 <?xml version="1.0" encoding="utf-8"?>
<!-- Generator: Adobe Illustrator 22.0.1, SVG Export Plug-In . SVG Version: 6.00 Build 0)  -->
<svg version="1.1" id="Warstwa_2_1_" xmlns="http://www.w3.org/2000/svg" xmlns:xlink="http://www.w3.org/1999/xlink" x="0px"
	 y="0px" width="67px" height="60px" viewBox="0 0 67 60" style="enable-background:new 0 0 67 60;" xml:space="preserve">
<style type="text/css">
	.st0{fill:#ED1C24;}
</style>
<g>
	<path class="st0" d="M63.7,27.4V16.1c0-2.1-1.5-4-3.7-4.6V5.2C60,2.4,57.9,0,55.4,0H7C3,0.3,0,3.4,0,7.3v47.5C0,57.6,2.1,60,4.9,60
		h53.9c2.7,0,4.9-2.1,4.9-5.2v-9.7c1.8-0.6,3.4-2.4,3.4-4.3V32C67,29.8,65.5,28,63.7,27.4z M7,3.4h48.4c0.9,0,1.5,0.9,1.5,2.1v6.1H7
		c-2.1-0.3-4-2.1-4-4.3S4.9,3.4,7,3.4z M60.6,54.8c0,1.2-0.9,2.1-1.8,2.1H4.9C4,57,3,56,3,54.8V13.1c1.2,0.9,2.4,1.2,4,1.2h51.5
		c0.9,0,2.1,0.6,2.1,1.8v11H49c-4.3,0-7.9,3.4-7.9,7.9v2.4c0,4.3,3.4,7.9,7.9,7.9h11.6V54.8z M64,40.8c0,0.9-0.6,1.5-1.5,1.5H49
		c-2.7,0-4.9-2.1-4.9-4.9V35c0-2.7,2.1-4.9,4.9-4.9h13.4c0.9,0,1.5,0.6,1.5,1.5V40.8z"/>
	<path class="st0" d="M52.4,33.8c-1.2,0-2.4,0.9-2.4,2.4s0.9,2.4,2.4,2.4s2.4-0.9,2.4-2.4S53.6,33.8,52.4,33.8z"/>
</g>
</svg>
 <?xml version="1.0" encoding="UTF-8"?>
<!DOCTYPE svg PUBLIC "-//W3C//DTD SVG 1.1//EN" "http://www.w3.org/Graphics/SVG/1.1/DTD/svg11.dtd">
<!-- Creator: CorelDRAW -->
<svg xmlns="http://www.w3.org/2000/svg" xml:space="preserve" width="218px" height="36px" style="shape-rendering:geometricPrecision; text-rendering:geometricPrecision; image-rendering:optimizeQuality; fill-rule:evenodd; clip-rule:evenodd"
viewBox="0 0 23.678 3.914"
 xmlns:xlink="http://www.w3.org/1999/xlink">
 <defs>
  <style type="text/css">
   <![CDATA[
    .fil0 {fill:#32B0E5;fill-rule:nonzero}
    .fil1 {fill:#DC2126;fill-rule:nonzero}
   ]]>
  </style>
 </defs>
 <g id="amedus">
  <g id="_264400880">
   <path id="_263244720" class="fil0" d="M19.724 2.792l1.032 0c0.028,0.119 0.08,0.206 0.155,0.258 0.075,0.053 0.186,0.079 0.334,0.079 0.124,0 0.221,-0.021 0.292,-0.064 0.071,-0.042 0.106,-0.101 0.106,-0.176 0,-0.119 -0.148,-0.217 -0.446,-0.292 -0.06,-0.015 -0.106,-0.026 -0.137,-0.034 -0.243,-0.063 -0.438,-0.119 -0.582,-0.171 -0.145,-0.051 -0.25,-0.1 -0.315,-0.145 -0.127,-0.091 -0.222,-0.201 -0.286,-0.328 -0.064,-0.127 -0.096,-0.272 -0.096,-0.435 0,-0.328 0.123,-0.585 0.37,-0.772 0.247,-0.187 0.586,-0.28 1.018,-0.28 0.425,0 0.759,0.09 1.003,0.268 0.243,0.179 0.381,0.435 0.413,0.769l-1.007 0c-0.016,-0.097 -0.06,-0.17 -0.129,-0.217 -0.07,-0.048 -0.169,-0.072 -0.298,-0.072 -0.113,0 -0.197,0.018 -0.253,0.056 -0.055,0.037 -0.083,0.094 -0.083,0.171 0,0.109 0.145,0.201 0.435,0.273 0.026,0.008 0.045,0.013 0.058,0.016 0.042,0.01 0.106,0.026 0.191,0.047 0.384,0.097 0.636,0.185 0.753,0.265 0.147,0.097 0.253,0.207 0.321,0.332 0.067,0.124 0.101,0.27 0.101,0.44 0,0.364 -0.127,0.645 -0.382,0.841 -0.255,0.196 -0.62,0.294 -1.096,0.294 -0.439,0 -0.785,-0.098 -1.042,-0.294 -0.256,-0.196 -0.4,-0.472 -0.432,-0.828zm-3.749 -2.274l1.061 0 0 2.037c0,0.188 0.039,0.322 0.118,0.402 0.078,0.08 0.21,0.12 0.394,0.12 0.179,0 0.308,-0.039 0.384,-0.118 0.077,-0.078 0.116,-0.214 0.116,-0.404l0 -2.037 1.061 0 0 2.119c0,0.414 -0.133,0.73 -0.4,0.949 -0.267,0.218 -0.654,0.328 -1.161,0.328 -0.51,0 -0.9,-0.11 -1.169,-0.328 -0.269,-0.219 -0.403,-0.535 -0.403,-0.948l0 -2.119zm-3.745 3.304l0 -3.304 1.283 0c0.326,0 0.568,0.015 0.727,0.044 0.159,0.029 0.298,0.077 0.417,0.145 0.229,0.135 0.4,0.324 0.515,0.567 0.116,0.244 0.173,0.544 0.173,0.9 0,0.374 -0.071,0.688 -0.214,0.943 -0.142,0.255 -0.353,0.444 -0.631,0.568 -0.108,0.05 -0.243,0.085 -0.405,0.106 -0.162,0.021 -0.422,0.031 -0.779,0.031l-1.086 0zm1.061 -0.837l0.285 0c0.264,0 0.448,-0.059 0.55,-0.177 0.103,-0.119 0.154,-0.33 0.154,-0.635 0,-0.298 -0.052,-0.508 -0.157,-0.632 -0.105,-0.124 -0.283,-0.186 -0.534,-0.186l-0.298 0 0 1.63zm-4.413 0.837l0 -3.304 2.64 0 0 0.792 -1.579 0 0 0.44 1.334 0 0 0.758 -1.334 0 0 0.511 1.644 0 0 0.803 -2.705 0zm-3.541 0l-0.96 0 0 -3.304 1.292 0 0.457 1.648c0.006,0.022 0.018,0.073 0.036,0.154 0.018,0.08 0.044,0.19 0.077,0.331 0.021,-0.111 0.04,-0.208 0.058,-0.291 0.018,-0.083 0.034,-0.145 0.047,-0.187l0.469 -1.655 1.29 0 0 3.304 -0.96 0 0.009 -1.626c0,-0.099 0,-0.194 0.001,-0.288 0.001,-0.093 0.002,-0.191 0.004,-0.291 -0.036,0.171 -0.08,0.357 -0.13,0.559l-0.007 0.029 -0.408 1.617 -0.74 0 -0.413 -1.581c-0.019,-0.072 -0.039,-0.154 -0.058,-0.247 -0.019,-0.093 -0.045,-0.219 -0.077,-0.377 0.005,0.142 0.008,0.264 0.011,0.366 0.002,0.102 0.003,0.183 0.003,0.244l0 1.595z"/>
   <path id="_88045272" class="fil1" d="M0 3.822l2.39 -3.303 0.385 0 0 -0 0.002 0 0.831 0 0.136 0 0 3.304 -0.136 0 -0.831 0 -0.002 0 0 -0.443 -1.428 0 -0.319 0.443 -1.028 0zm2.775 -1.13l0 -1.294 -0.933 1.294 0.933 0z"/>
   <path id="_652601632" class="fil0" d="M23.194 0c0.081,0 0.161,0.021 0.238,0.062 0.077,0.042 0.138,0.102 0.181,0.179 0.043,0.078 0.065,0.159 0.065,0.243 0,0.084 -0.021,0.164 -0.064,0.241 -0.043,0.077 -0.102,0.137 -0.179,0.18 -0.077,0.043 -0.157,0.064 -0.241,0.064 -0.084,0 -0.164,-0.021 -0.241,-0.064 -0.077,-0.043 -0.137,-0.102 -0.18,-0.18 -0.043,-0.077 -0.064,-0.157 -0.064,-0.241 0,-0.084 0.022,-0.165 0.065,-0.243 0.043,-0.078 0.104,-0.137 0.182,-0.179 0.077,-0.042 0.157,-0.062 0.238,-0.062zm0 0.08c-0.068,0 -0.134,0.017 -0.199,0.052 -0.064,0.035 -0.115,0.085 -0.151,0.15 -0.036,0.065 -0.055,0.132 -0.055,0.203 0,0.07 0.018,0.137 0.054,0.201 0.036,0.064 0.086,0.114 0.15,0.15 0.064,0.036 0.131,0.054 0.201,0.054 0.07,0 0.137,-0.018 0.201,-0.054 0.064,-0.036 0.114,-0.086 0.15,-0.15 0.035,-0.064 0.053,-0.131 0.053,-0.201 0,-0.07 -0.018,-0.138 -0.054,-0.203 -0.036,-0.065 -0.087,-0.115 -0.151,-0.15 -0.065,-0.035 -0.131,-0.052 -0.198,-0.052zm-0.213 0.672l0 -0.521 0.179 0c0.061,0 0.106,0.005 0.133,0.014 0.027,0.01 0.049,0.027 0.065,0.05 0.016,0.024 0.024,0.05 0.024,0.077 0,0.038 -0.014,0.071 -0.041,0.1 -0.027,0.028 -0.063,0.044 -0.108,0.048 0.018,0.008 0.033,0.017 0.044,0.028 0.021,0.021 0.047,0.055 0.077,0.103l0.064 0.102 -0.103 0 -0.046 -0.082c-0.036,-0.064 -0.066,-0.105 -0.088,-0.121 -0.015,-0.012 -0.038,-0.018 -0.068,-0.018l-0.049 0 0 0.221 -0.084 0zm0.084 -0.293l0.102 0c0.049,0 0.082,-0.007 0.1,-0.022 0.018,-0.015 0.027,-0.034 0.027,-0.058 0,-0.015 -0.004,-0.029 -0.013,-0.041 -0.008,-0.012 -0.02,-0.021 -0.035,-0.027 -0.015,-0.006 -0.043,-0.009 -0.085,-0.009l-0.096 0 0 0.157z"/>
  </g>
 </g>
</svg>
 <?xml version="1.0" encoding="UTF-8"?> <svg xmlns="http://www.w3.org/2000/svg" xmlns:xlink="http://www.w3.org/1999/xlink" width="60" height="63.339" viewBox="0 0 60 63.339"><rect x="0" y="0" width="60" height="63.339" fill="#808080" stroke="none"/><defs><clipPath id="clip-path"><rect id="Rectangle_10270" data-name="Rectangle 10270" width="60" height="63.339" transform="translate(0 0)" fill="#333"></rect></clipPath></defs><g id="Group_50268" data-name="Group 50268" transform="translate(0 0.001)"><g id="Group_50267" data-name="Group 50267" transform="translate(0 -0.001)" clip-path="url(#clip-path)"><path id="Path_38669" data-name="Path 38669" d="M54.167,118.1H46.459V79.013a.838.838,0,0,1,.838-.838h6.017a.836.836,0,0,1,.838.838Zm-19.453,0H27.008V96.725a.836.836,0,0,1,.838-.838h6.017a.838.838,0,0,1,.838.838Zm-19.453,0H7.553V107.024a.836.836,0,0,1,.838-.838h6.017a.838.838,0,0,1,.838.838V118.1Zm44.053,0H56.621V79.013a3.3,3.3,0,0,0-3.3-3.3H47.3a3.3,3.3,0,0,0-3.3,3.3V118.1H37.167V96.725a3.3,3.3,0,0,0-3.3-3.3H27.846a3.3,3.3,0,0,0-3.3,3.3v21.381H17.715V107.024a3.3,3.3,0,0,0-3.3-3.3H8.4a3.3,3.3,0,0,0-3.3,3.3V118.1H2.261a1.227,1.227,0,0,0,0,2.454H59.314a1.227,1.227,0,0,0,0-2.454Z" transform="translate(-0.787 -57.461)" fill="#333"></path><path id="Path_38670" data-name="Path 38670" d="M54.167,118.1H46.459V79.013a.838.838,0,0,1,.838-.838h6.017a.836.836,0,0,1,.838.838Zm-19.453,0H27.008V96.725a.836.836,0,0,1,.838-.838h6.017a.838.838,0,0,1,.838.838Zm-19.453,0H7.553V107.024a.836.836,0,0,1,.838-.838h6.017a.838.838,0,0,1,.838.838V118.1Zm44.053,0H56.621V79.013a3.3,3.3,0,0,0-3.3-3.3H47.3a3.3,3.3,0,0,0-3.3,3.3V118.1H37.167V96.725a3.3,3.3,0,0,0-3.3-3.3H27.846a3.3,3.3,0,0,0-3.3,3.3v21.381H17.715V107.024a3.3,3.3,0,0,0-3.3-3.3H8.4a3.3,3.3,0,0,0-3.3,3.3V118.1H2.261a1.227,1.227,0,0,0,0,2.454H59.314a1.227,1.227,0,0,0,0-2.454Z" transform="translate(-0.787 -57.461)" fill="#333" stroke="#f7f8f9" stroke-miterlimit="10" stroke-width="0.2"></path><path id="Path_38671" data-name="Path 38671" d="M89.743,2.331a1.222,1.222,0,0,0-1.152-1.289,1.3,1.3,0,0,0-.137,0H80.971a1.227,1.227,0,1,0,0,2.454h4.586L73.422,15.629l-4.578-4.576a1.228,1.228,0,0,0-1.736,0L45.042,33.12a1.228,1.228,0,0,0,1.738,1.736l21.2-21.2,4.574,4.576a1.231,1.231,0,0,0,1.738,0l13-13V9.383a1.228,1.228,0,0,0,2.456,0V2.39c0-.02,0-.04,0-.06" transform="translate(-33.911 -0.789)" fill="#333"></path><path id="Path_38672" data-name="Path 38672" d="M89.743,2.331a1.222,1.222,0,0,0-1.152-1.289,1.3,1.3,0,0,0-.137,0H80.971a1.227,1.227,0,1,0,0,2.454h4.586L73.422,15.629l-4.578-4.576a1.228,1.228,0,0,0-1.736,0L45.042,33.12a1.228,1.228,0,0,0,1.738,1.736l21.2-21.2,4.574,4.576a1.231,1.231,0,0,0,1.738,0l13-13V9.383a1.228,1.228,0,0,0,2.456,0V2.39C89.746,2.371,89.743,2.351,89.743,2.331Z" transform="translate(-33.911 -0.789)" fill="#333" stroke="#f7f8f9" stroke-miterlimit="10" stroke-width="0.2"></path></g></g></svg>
....
## WHAT TO WORK ON
Filter the listing above, keeping only the lines with "nonzero".

## RESPONSE BOX
    .fil0 {fill:#32B0E5;fill-rule:nonzero}
    .fil1 {fill:#DC2126;fill-rule:nonzero}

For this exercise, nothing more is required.